Analyzing word frequency distribution
Concept: Different words occur with widely differing frequencies. There are very few lexemes that occur extremely often. For most lexemes, however, the frequency of
occurrence is low. This function serves to determine and represent word frequency distribution within the entire corpus or a partial corpus, with the option to look into frequency distribution within
specific word classes.
Calling up this function for the entire corpus allows users to choose a text database from a drop down list ("Select text database"), the options being a (non-Demotic)
Egyptian and a Demotic corpus of texts.
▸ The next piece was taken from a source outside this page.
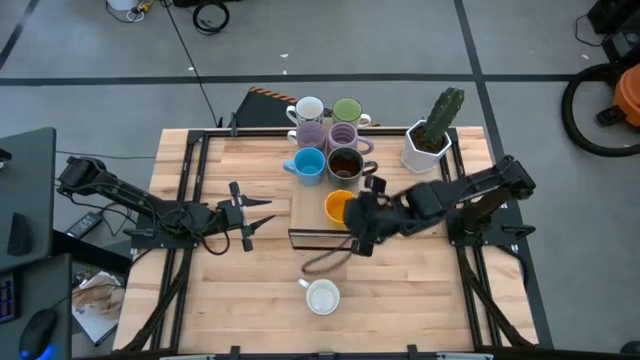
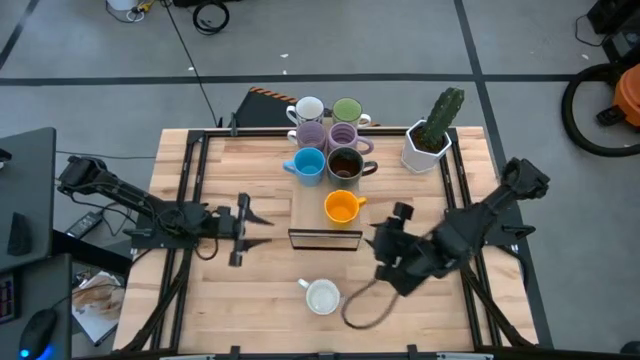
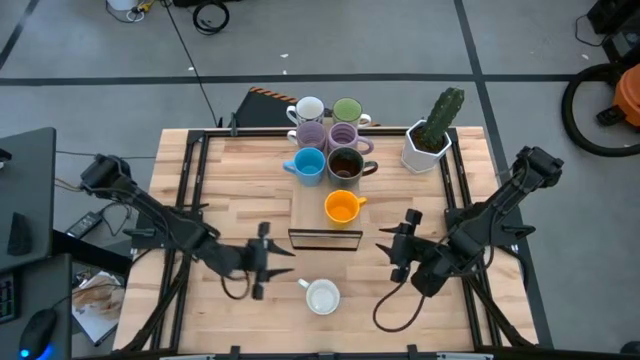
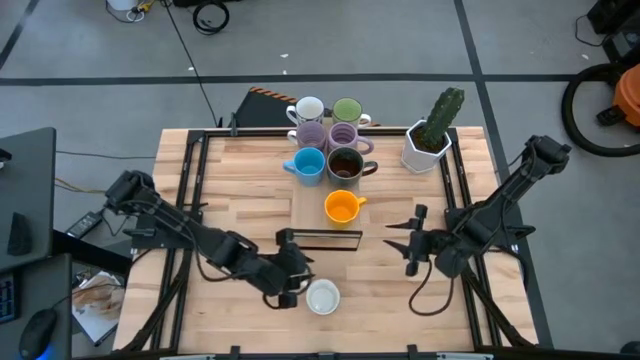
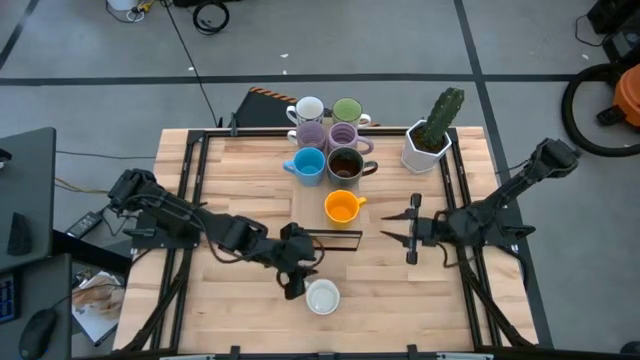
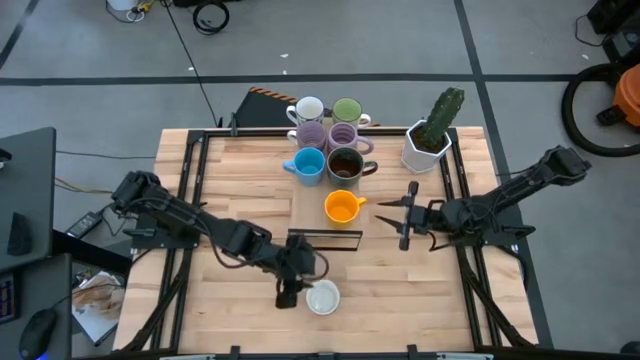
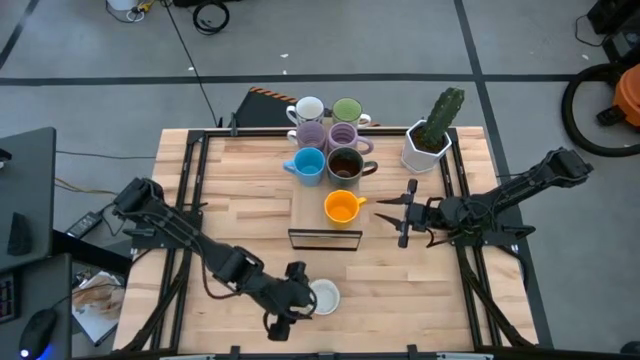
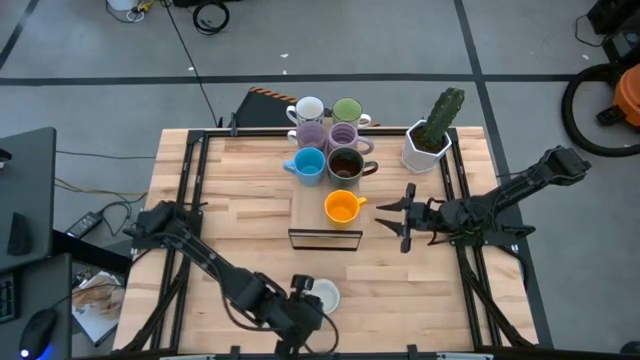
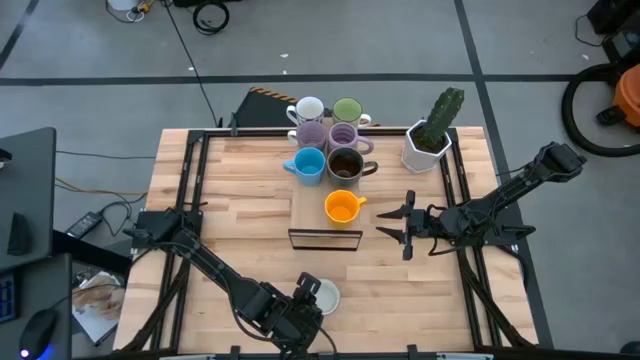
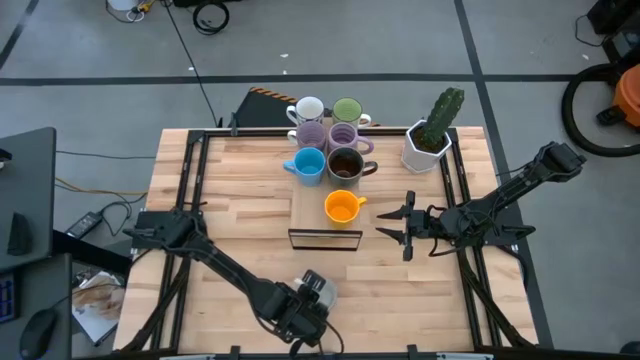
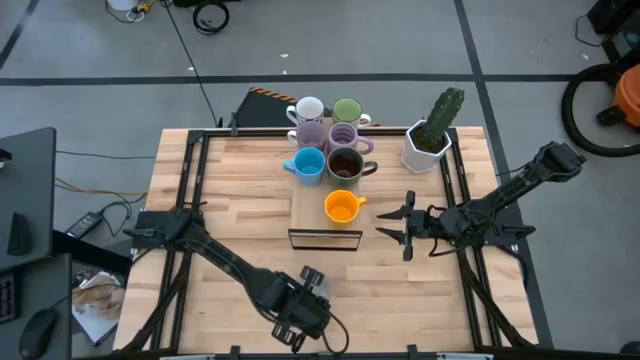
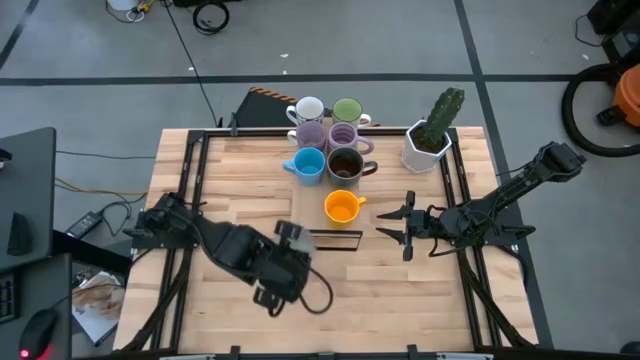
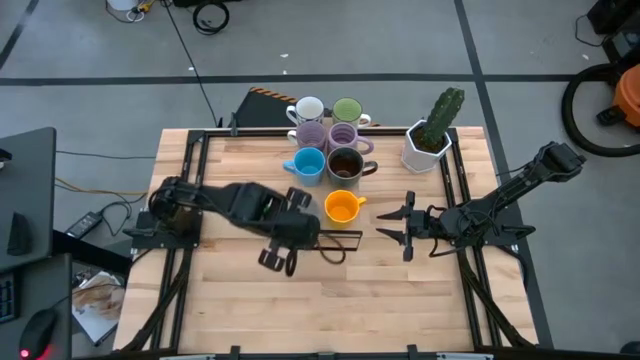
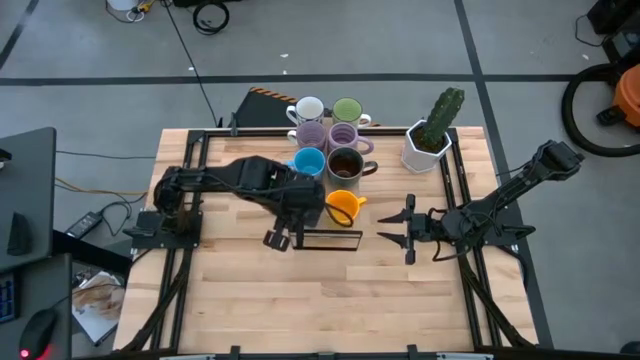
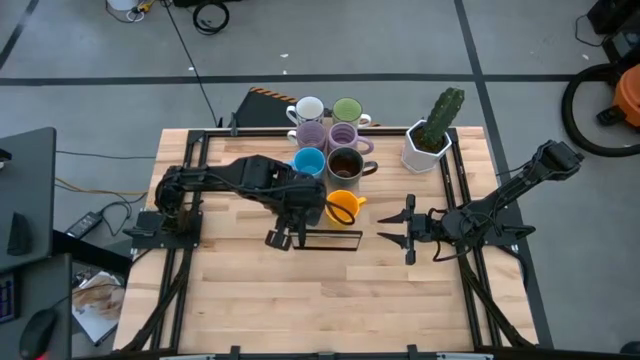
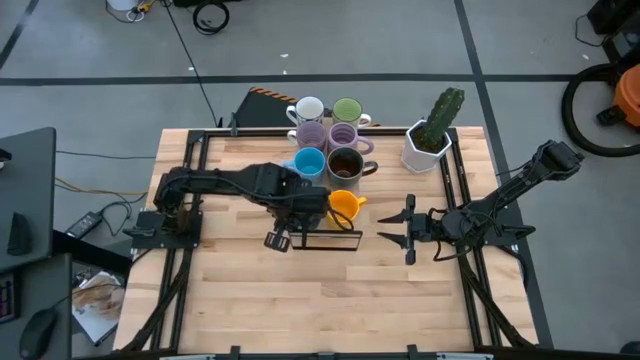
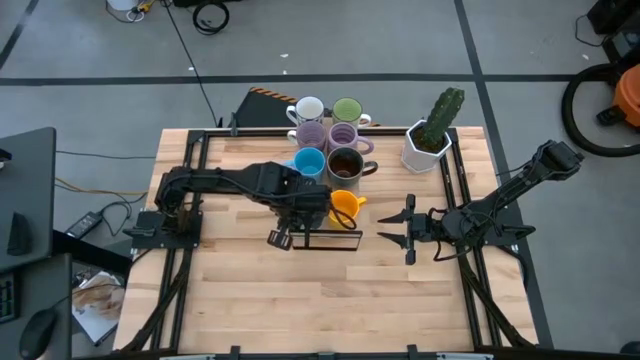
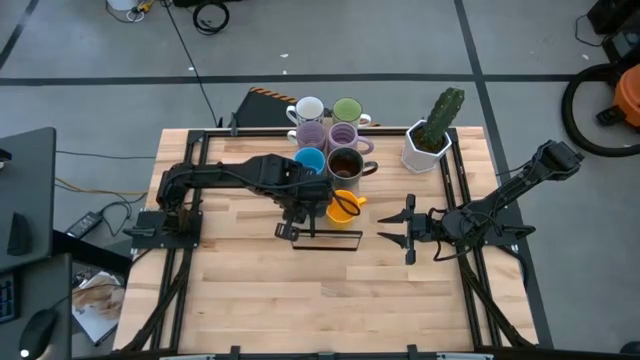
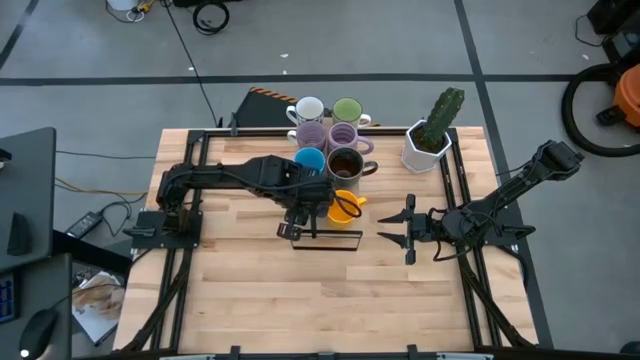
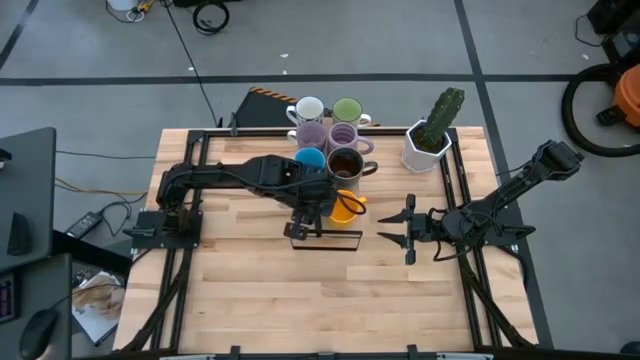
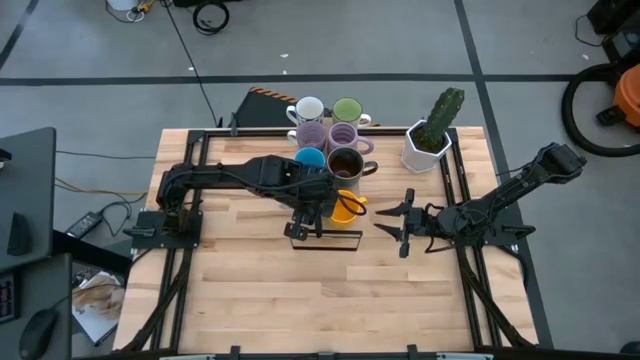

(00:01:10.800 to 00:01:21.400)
Task: Place coffee mugs
Put the light green mug on the shelf

When this function is called up via part of the corpus, non-Demotic Egyptian will be the default setting.
- Using the drop-down list "Run analysis for word category" will restrict the procedure to specific word classes
- Using the drop-down list "Run analysis for", users may opt for the index to be generated for top level lemmata within the hierarchy of the lemma list (suggested), or just for individual lemmata.
- The drop-down list "Results graph scaling" allows to opt for a chart with a (suggested) bi-logarithmic (log-log) scale, a semi-logarithmic scale (only Y-axis logarithmic), or a linear scale.
- A numerical printout of results may be obtained by using the check box "Print numerical results table?". In most cases, however, a printout will not be necessary.
Results will be represented in chart form, with the graph showing the distribution of word frequencies on the requested scale.
Numerical results will be grouped in a table that includes the number of lexemes for each frequency class, and shows what proportion the incidences of these lexemes constitute relative to the entire
lexical inventory. These values are displayed also in cumulated form.